-- What the task requires --
Each entry below must be given again word for word, with no pictures.
═══ Source material
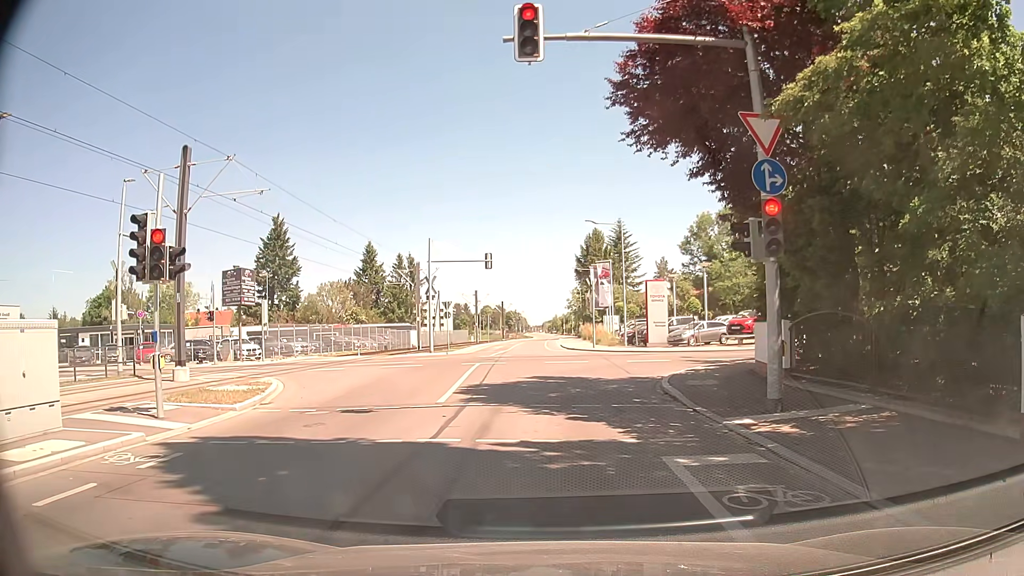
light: Day
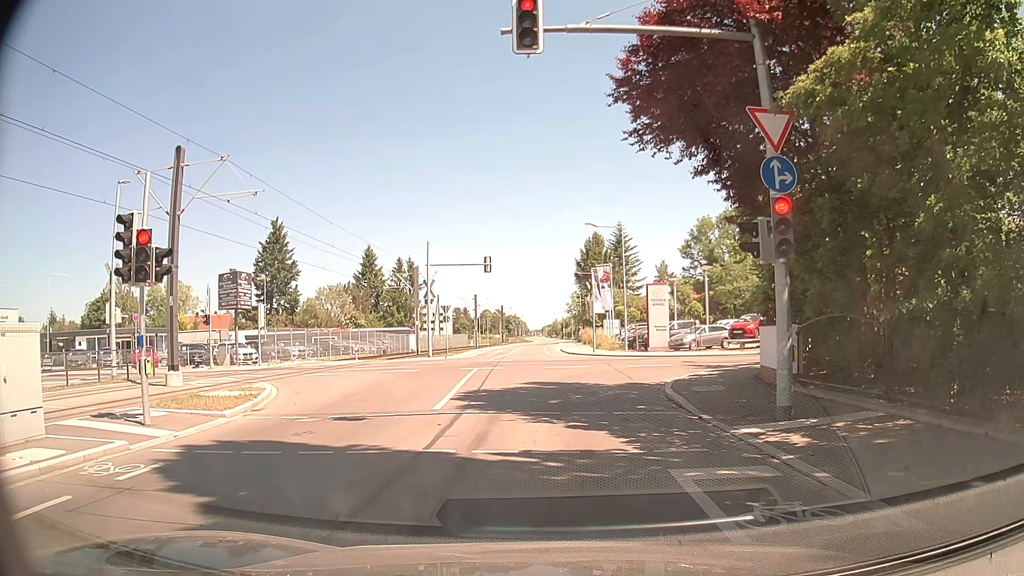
(0.0, +0.5) m; 0°
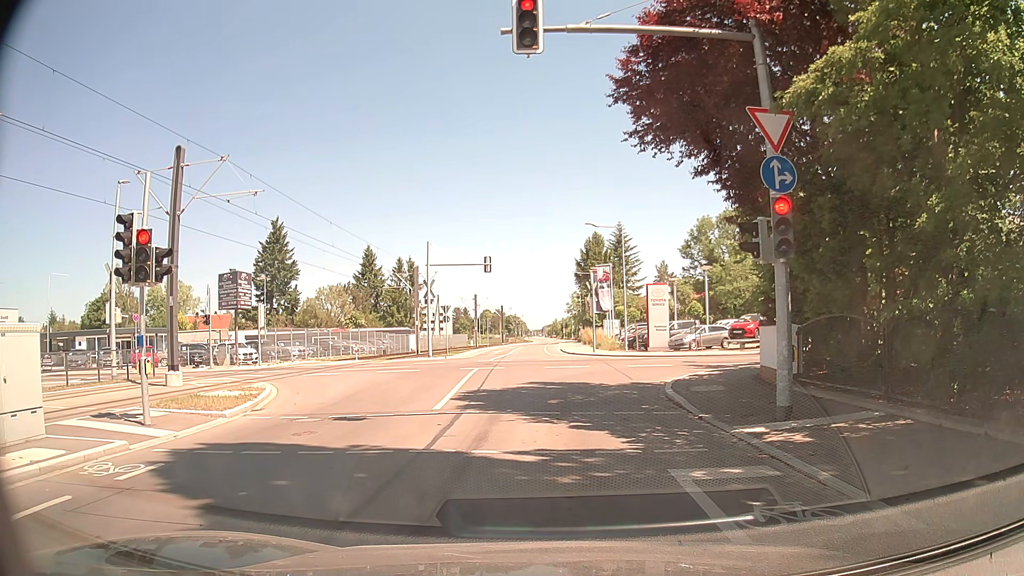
(0.0, 0.0) m; 0°
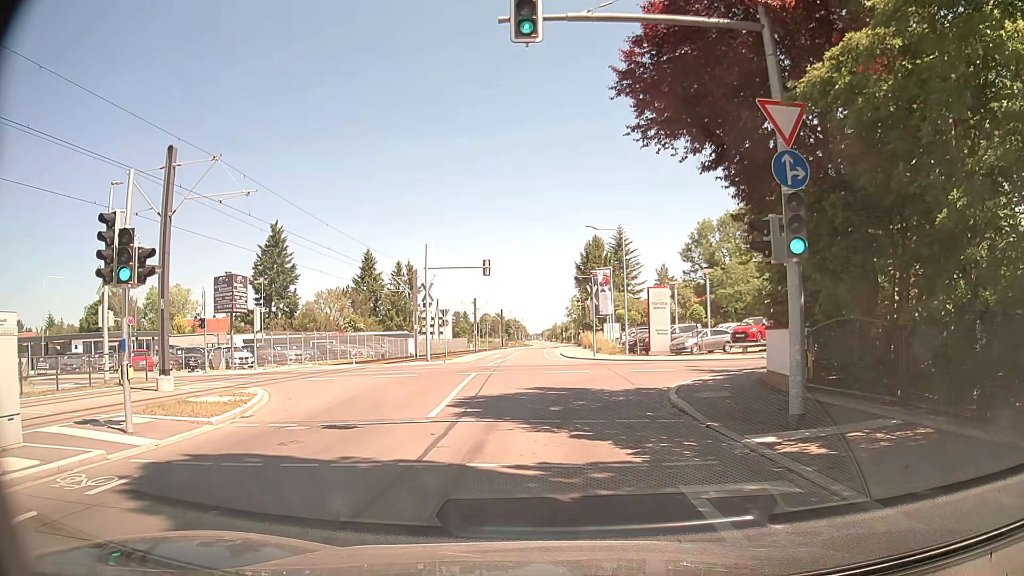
(0.0, +0.6) m; 0°
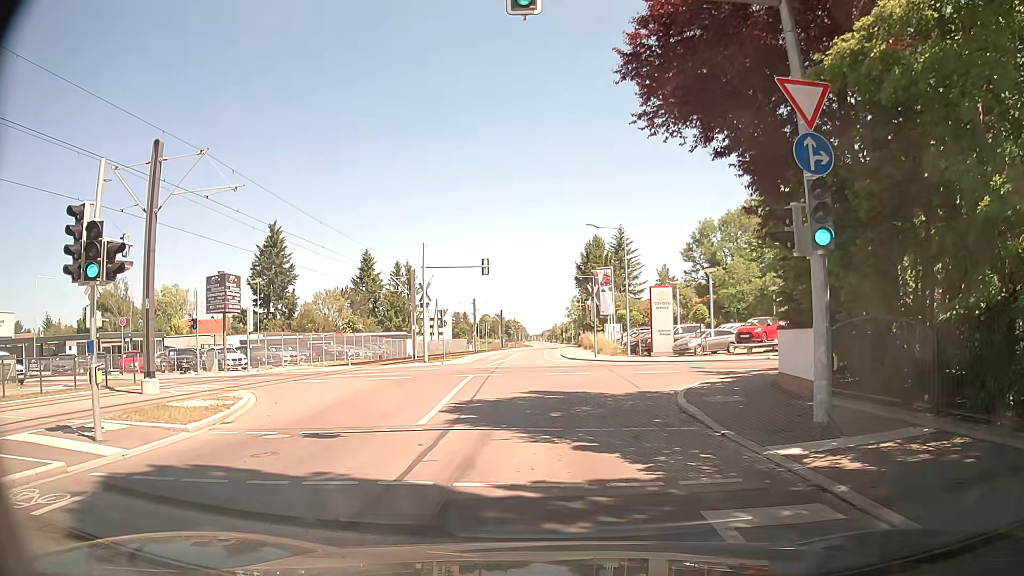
(0.0, +1.0) m; -2°
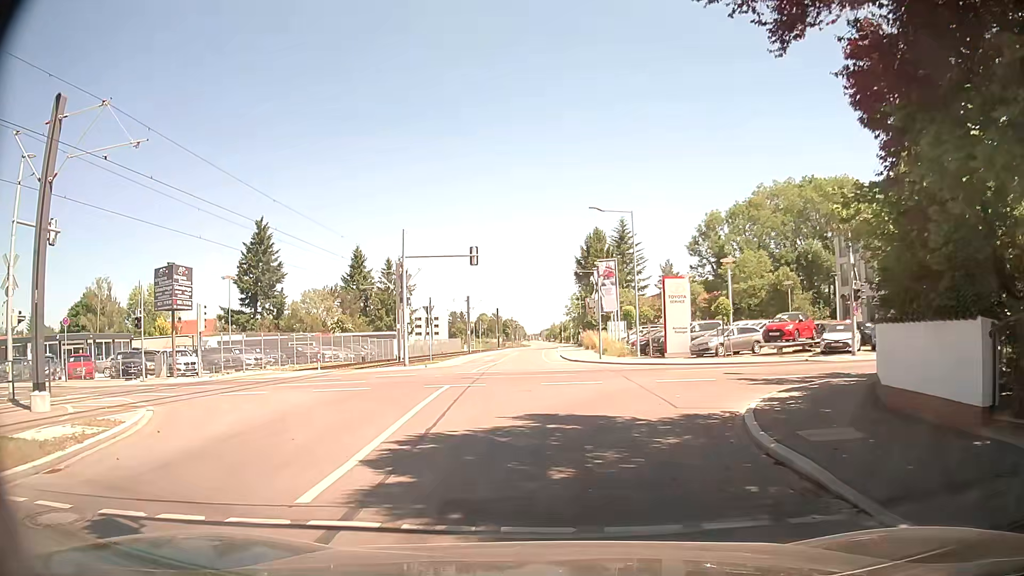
(0.0, +5.7) m; +1°
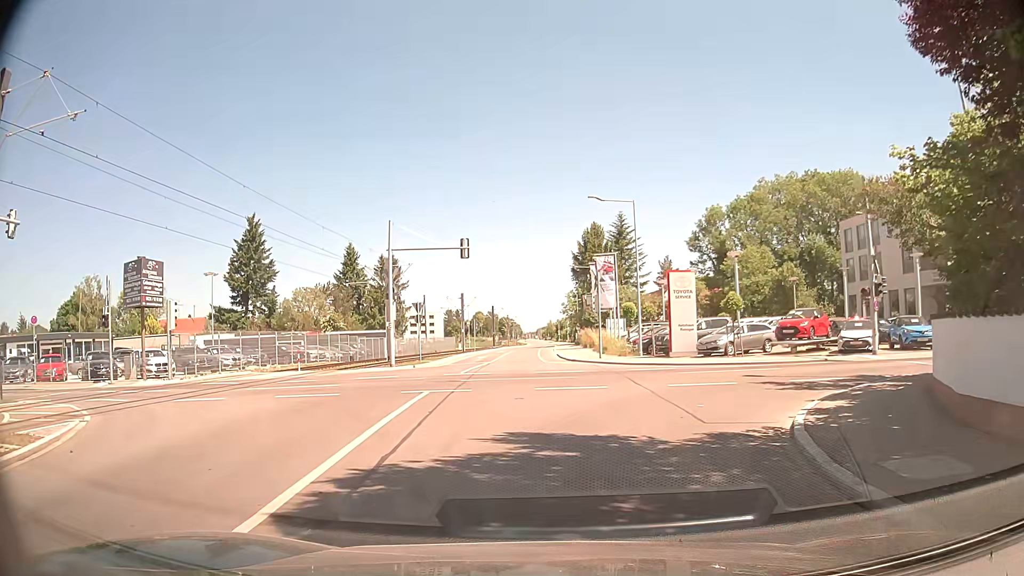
(-0.1, +2.5) m; 0°
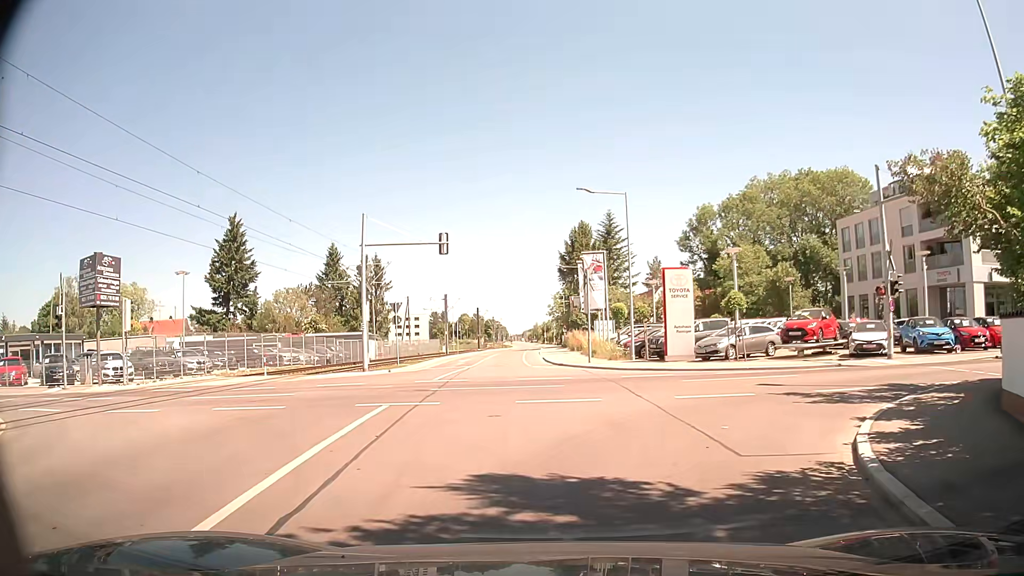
(0.0, +2.6) m; 0°
(+2, +10) (+9, +16) (+18, +18) (+28, +20) (+38, +21) (+48, +24) (+57, +27) (+67, +31) (+76, +35) (+85, +39) m
══════
-- Solved problem --
light: Day
(0.0, +0.5) m; 0°
(0.0, 0.0) m; 0°
(0.0, +0.6) m; 0°
(0.0, +1.0) m; -2°
(0.0, +5.7) m; +1°
(-0.1, +2.5) m; 0°
(0.0, +2.6) m; 0°
(+2, +10) (+9, +16) (+18, +18) (+28, +20) (+38, +21) (+48, +24) (+57, +27) (+67, +31) (+76, +35) (+85, +39) m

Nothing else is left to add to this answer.